Popular deep learning frameworks have different default data formats (PyTorch with NCHW, TensorFlow with NHWC), which lead to published pretrained models with weights that may have an incompatible data format. Many searches and a lot of disappointing finds after, I believe there is currently no simple way to convert trained weights from one data format to the other (only PyTorch might have something in that regard), but I can't understand why this is the case.
Let us consider the following example (I'll use pseudo-python syntax for convenience):
filters = np.random.random([5,5,1,10], dtype=np.float32) # convolution filters for a 2D 5x5 conv on an input with 1 channel, output has 10 channels. image_nhwc = np.random.random([1,28,28,1], dtype=np.float32) # one image in NHWC data format image_nchw = np.transpose(image_nhwc.copy(), (0,3,1,2)) # same image in NCHW format
Ignoring for the moment padding issues, strides, dilations, etc, and assuming there is a
conv2d method that implements the simple convolution of
image (and takes the data format as a parameter), I believe there ought to be some permutation
filters such that:
out_nchw = conv2d(image_nchw, filters, 'NCHW') out_nhwc = conv2d(image_nhwc, perm(filters), 'NHWC') assert np.allclose(out_nhwc == np.transpose(out_nchw, (0,2,3,1)))

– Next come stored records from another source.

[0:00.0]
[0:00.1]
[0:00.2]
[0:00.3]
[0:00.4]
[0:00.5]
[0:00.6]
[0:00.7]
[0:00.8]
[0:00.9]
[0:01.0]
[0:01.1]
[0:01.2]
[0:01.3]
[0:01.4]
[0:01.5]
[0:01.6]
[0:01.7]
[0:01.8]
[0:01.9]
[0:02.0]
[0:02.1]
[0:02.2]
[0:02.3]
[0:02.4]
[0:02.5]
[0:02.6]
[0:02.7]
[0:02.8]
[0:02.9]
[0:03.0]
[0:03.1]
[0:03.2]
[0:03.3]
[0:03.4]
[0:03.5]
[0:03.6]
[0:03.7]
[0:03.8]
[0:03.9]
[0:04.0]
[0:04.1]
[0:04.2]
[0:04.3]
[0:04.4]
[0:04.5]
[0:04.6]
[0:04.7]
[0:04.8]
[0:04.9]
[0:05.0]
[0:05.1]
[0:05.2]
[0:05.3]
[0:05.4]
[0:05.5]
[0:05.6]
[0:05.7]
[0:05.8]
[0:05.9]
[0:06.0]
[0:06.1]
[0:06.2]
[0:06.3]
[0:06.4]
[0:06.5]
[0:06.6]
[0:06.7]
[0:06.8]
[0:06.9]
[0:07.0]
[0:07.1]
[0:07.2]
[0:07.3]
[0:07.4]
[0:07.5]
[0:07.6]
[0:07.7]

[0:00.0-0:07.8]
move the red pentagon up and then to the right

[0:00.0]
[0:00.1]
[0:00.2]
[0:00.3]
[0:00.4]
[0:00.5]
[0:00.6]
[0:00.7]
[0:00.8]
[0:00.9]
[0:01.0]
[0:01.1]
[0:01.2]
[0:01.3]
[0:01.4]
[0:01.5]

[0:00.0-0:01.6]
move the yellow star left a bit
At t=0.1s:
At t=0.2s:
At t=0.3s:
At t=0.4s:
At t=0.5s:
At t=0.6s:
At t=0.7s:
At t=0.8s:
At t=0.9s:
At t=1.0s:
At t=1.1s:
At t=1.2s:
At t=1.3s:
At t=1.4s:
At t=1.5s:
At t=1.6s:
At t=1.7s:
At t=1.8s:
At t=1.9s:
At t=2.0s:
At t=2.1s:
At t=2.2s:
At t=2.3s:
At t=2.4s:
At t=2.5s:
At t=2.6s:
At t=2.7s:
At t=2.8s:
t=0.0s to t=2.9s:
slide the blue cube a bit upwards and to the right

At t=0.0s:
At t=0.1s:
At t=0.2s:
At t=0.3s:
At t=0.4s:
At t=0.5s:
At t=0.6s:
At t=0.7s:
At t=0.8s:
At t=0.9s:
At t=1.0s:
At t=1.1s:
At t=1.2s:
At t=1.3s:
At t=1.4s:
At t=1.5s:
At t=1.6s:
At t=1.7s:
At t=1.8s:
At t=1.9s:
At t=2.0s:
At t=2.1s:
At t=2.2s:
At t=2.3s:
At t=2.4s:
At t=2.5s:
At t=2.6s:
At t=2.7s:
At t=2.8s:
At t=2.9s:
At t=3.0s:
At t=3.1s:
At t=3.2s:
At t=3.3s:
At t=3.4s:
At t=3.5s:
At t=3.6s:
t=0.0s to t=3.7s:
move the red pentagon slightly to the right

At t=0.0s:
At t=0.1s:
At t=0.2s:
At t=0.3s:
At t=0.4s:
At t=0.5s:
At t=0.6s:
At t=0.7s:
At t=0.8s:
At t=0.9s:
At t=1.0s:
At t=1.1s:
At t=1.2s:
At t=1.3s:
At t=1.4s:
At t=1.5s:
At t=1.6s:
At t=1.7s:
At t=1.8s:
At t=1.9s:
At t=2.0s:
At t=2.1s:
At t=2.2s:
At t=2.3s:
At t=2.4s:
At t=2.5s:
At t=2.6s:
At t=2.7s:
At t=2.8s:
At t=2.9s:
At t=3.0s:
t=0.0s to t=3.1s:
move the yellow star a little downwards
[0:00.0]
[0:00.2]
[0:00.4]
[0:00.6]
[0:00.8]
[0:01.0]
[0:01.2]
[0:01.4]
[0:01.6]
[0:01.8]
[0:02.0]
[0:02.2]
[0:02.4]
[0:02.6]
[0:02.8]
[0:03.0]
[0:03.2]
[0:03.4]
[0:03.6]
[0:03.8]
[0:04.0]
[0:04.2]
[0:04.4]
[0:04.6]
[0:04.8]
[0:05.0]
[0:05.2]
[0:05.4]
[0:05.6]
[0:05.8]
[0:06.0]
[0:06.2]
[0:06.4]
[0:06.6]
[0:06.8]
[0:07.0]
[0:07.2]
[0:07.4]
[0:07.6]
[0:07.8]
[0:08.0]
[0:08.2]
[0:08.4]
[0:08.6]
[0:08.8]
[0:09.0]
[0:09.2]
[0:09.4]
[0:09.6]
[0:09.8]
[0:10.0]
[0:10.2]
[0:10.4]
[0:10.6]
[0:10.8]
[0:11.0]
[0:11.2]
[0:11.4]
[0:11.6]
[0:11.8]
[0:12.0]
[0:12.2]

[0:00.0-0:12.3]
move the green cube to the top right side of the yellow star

i.e, the result of the two convolutions is the same after adapting the data format of the outputs to be the same (think of it as "I have trained weights for the NCHW model, applying
perm I get the trained weights for the NHWC equivalent model").
For how hard I think about this, however, I can't come up with what
perm would be.
So, the question finally: Am I right in thinking that
perm ought to exist? If so, how does one calculate it?